President of Bangla Academy
- In office 28 May 1994 – 27 May 1996
- Preceded by: Abdur Rahman Chowdhury
- Succeeded by: Shamsur Rahman
- In office 14 November 1990 – 13 November 1992
- Preceded by: Abdullah-Al-Muti
- Succeeded by: Abdur Rahman Chowdhury

Personal details
- Born: 1921 Khulna, Bengal Presidency, British India
- Died: 12 August 1998 (aged 76–77)
- Spouse: Jamal Ara Rahman
- Children: Ainun Nishat
- Alma mater: Aligarh Muslim University

= Gazi Shamsur Rahman =

Bangladeshi lawyer and writer

Gazi Shamsur Rahman (c. 1921 – 12 August 1998) was a Bangladeshi lawyer, writer, translator, columnist and television personality. He was awarded Ekushey Padak in 1985 and Bangla Academy Literary Award in 1983 by the Government of Bangladesh. He wrote over 77 books on law and language in English and Bengali language.

==Education and career==
Rahman completed his MA and LLB from Aligarh Muslim University. He started his career as a district judge and retired as an additional secretary at the ministry of law of the Government of Bangladesh.

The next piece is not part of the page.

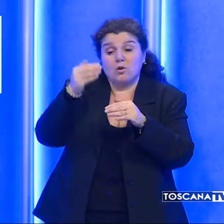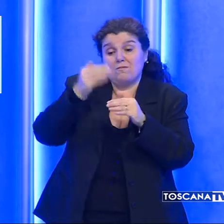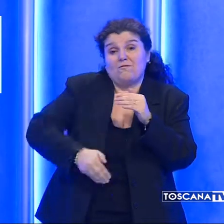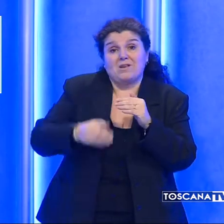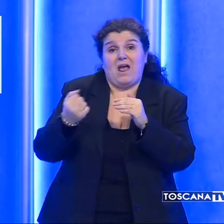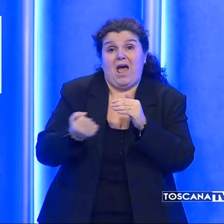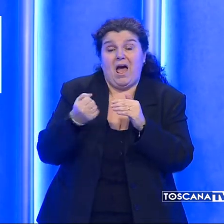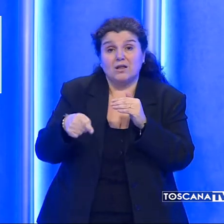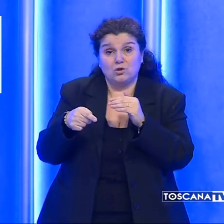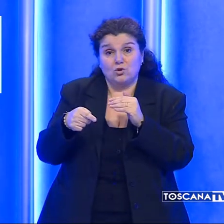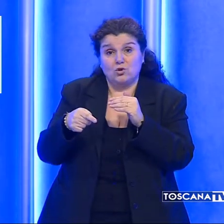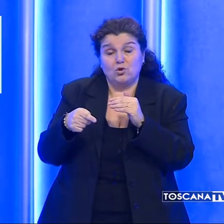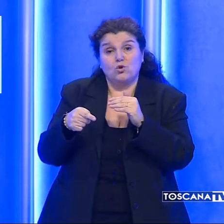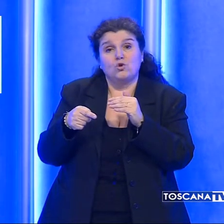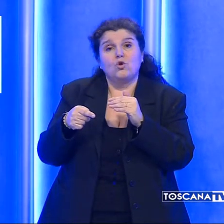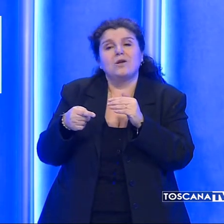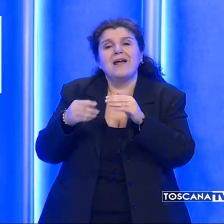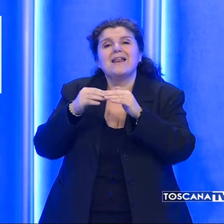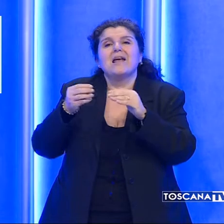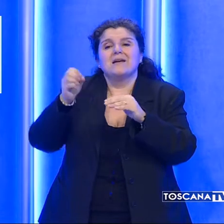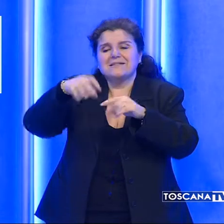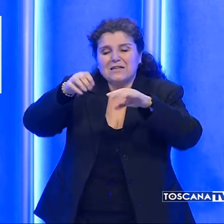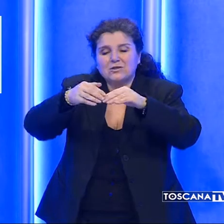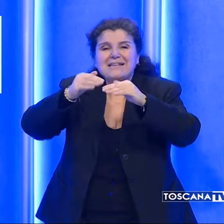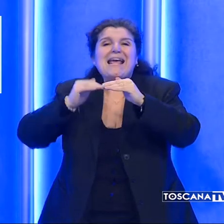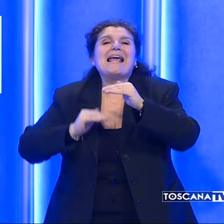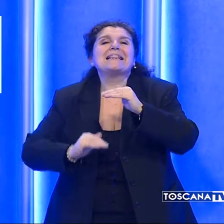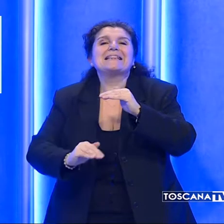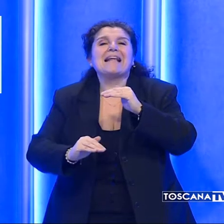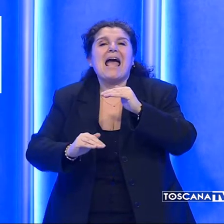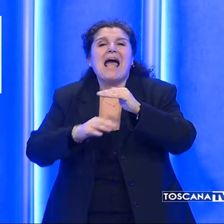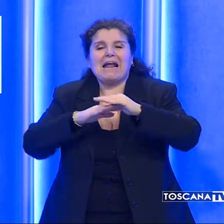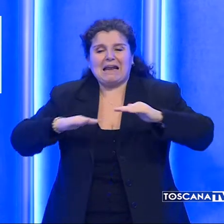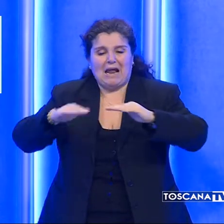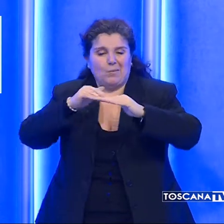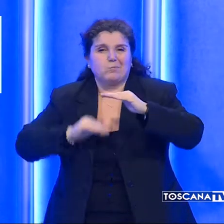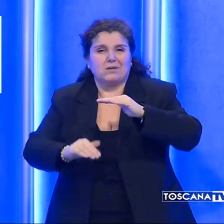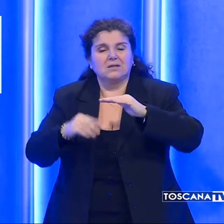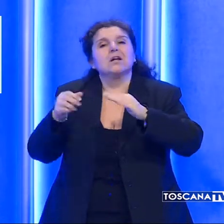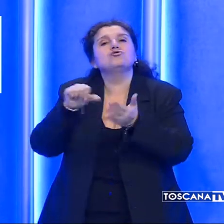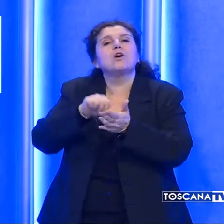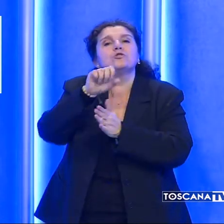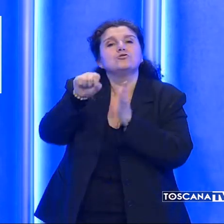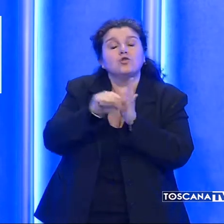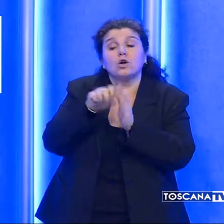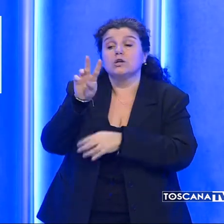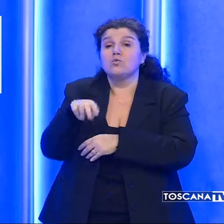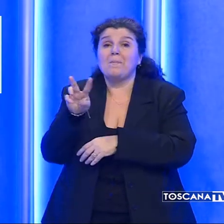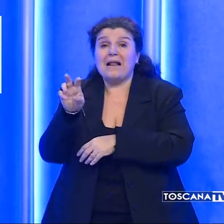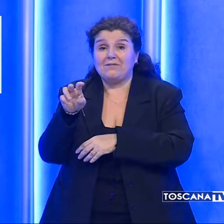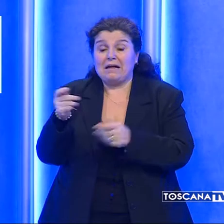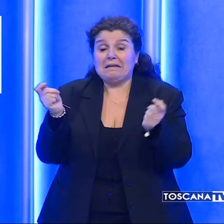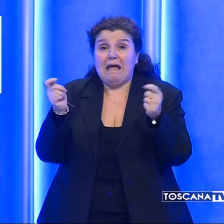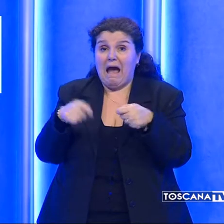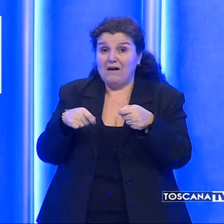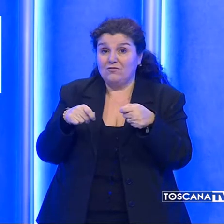quest'anno degli interrati nel centro storico e poi nel corso del 2020 con l'avvio

Rahman served as the chairperson of Bangladesh Press Institute and Bangla Academy for two terms during 1990–1992 and 1994–1996.

==Marriage and family==
Rahman was married to Zamal Ara Rahman (d. 2016), a graduate from Lady Brabourne College in Kolkata. Together they had three daughters and two sons, including Munjiba Shams, Professor at GonoSSVMedicalCollege and Ainun Nishat, a water resource specialist in Bangladesh.